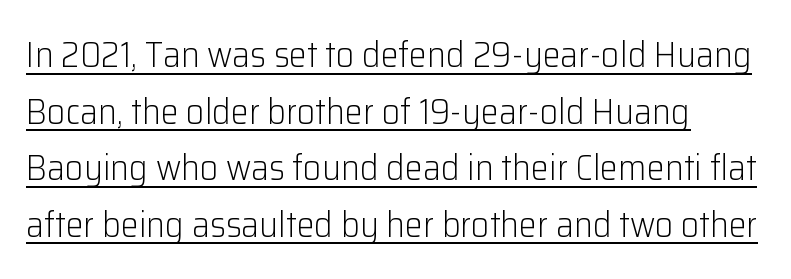
Q: Is the text bold? A: No.
Q: Is the text italic (slanted)? A: No, it is upright.
Q: Is the typeface a serif or a sans-serif typeface? A: Sans-serif.
Q: Is the text underlined? A: Yes.
Q: How is the paragraph aligned? A: Left-aligned.
Q: Is the spacing between letters normal or unusually wide? A: Normal.
Q: Is the spacing between lines tight, normal or loose? A: Normal.
Q: Width (condensed, normal, or wide)? A: Normal.
Q: Stroke contrast? A: Low.
Q: x-height? A: Medium.
Q: Monospaced? A: No.
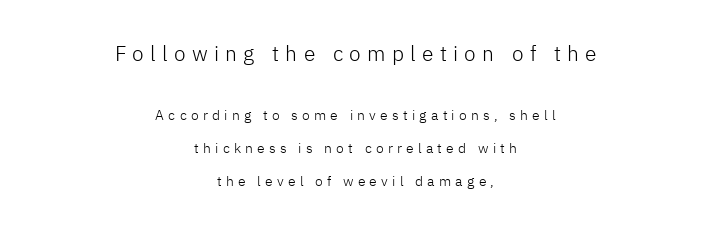
Q: Is the text bold? A: No.
Q: Is the text italic (slanted)? A: No, it is upright.
Q: Is the text underlined? A: No.
Q: How is the paragraph aligned? A: Centered.
Q: Is the spacing between letters normal or unusually wide? A: Unusually wide.
Q: Is the spacing between lines tight, normal or loose? A: Loose.
Q: Which block of text is set in a larger size, the first (top) or the second (bottom)? A: The first (top) one.
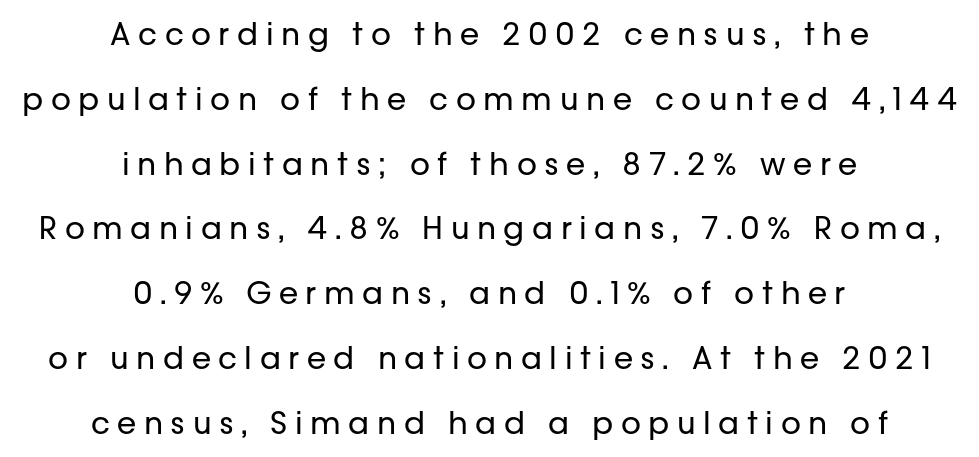
{"serif": "no", "italic": "no", "bold": "no", "weight": "regular", "width": "normal", "stroke_contrast": "low", "x_height": "medium", "monospaced": "no", "underline": "no", "align": "center", "line_spacing": "loose", "line_spacing_ratio": 2.09, "letter_spacing": "wide", "letter_spacing_em": 0.24, "glyph_px": 31}
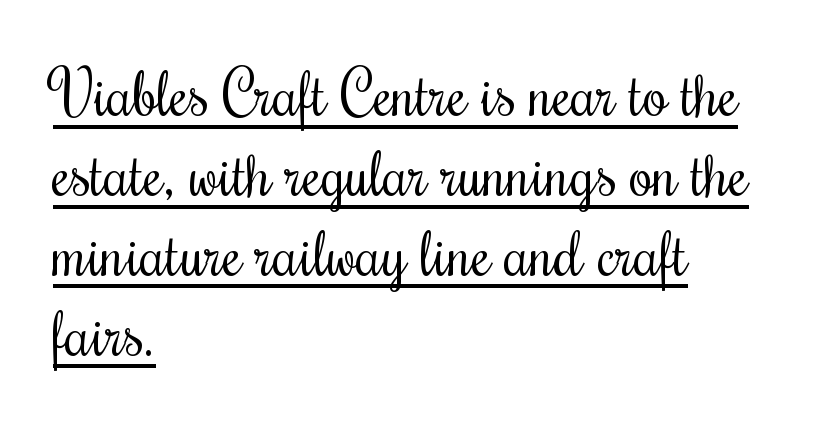
The face looks like a standard text weight, possibly lighter. The typeface chosen for these lines features serifs. This sample carries an underscore along the baseline area. The paragraph shown leans on its left margin.
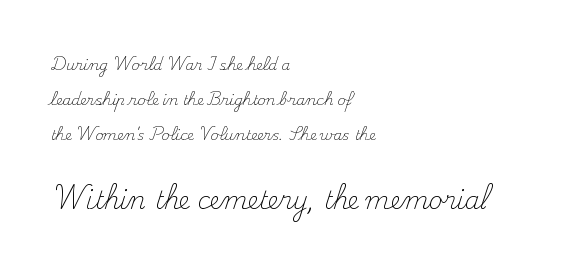
The image shows 24 px text type; set left-aligned, loose line spacing (2.5x), normal letter spacing, not underlined; the second (bottom) block is 1.71x larger.
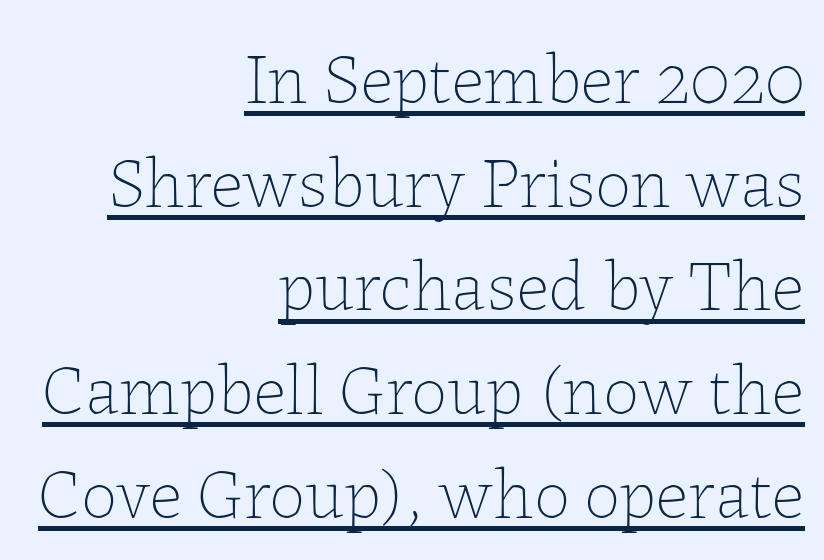
The specimen includes a rule beneath the text block's lines. Counters stay open thanks to moderate or lighter strokes. A flush-right, rag-left setting is used for this passage. A typesetter would mark this as roman, not italic.
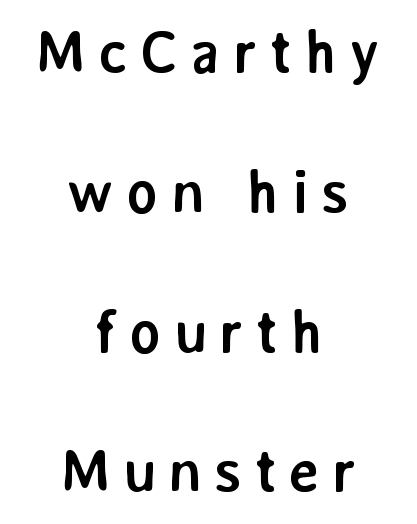
Weight: bold. Nope, not italic — everything's standing straight. This sample trades compactness for vertical openness between lines. Does the copy run flush right? No — it is centered line by line. Students, note that the glyphs here are deliberately spaced far apart.
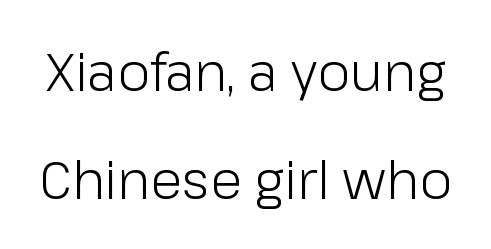
Q: Is the text bold? A: No.
Q: Is the text italic (slanted)? A: No, it is upright.
Q: Is the typeface a serif or a sans-serif typeface? A: Sans-serif.
Q: Is the text underlined? A: No.
Q: Is the spacing between letters normal or unusually wide? A: Normal.
Q: Is the spacing between lines tight, normal or loose? A: Loose.
Q: Width (condensed, normal, or wide)? A: Normal.
Q: Stroke contrast? A: Low.
Q: x-height? A: Medium.
Q: Monospaced? A: No.
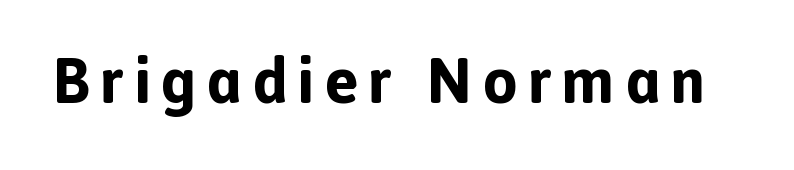
Think of a printed novel: that variable character pitch is what you see here. Beneath every word, the page is bare. Classification — sans serif. The axis of the letterforms is exactly vertical. Each glyph is drawn with heavy, bold strokes.
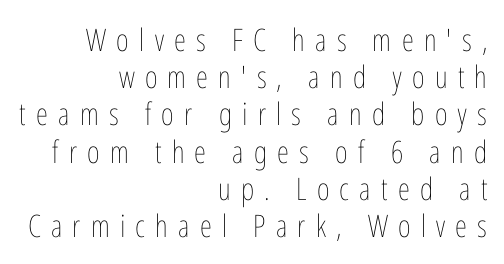
The image shows 31 px thin, condensed type, upright; set right-aligned, line spacing 1.2x, unusually wide letter spacing (+0.33 em), not underlined; low stroke contrast and a medium x-height.
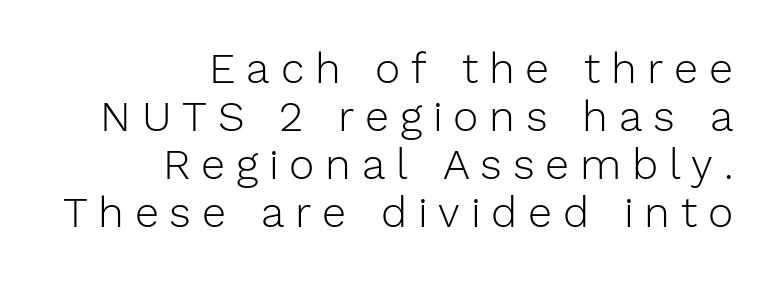
{"serif": "no", "italic": "no", "bold": "no", "weight": "light", "width": "normal", "stroke_contrast": "low", "x_height": "medium", "monospaced": "no", "underline": "no", "align": "right", "line_spacing": "tight", "line_spacing_ratio": 1.12, "letter_spacing": "wide", "letter_spacing_em": 0.25, "glyph_px": 43}
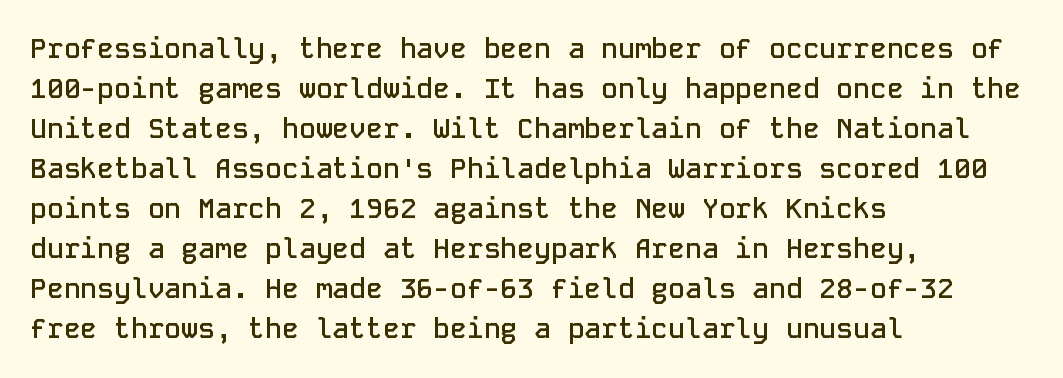
The image shows 28 px semibold sans-serif type, upright, monospaced; set left-aligned, normal line spacing (1.43x), normal letter spacing, not underlined; low stroke contrast and a medium x-height.
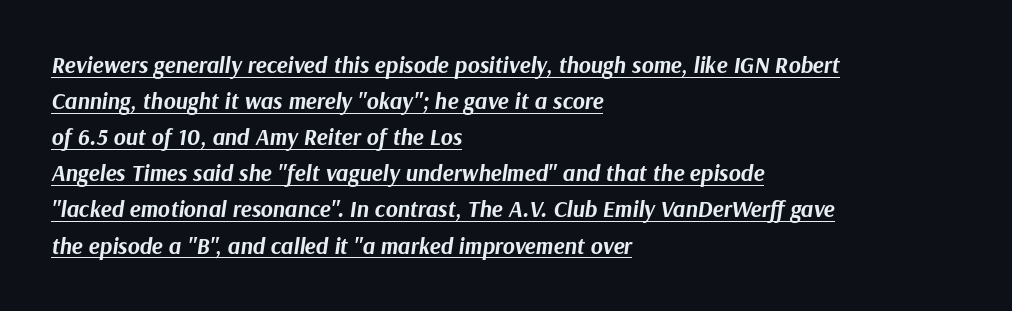
The image shows 23 px bold type, italic (leaning right); set left-aligned, normal line spacing (1.57x), normal letter spacing, underlined.
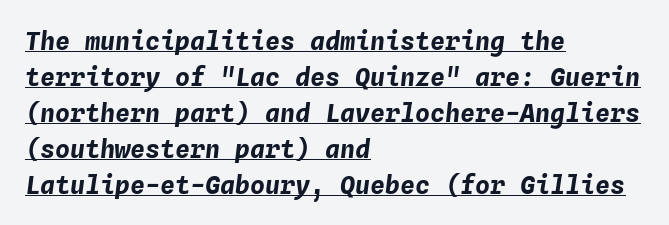
The image shows 25 px bold type, italic (leaning right); set left-aligned, normal line spacing (1.44x), normal letter spacing, underlined.
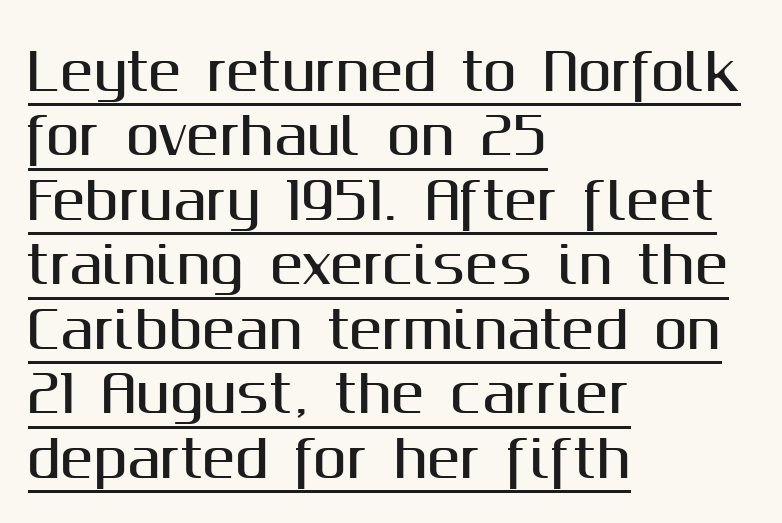
Compared with a centered layout, this one pins lines to the left instead. The horizontal fit of the characters is conventional and even. Notice how descenders clear the ascenders below comfortably — that's standard leading. The rendering uses natural spacing where letterforms have individual widths. The sample's only ornament is a line tracing under the words.
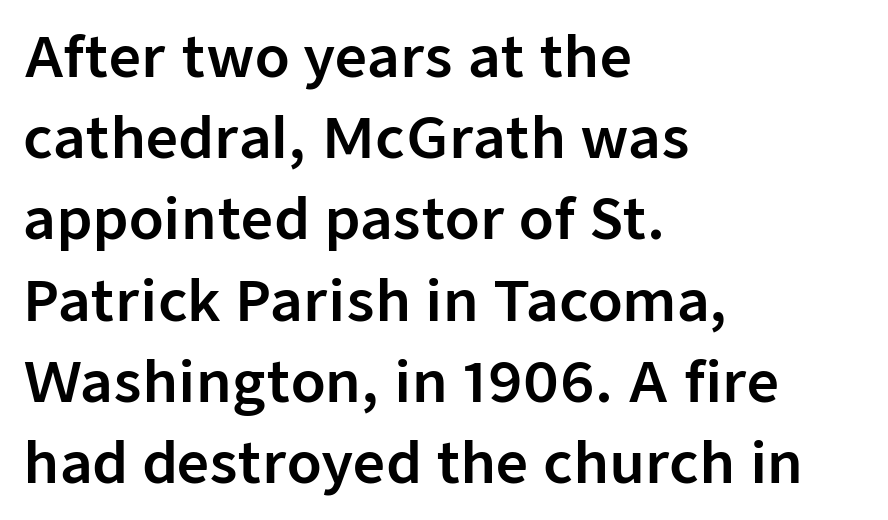
{"serif": "no", "italic": "no", "width": "normal", "stroke_contrast": "low", "x_height": "medium", "monospaced": "no", "underline": "no", "align": "left", "line_spacing": "normal", "line_spacing_ratio": 1.45, "letter_spacing": "normal", "letter_spacing_em": 0.0, "glyph_px": 56}
-- -- --
[Your assignment] Keep the pictures out and repeat exactly the lines from the beginning of the data through the line that contains "The image shows 24", both ends included.

[Exercise solution]
Q: Is the text bold? A: No.
Q: Is the text italic (slanted)? A: No, it is upright.
Q: Is the typeface a serif or a sans-serif typeface? A: Sans-serif.
Q: Is the text underlined? A: Yes.
Q: How is the paragraph aligned? A: Left-aligned.
Q: Is the spacing between letters normal or unusually wide? A: Normal.
Q: Is the spacing between lines tight, normal or loose? A: Normal.
Q: Width (condensed, normal, or wide)? A: Normal.
Q: Stroke contrast? A: Low.
Q: x-height? A: Medium.
Q: Monospaced? A: No.
Q: Is the text bold? A: No.
Q: Is the text italic (slanted)? A: No, it is upright.
Q: Is the text underlined? A: No.
Q: How is the paragraph aligned? A: Centered.
Q: Is the spacing between letters normal or unusually wide? A: Unusually wide.
Q: Is the spacing between lines tight, normal or loose? A: Loose.
Q: Which block of text is set in a larger size, the first (top) or the second (bottom)? A: The first (top) one.
{"serif": "no", "italic": "no", "bold": "no", "weight": "regular", "width": "normal", "stroke_contrast": "low", "x_height": "medium", "monospaced": "no", "underline": "no", "align": "center", "line_spacing": "loose", "line_spacing_ratio": 2.09, "letter_spacing": "wide", "letter_spacing_em": 0.24, "glyph_px": 31}
The face looks like a standard text weight, possibly lighter. The typeface chosen for these lines features serifs. This sample carries an underscore along the baseline area. The paragraph shown leans on its left margin.
The image shows 24 px text type; set left-aligned, loose line spacing (2.5x), normal letter spacing, not underlined; the second (bottom) block is 1.71x larger.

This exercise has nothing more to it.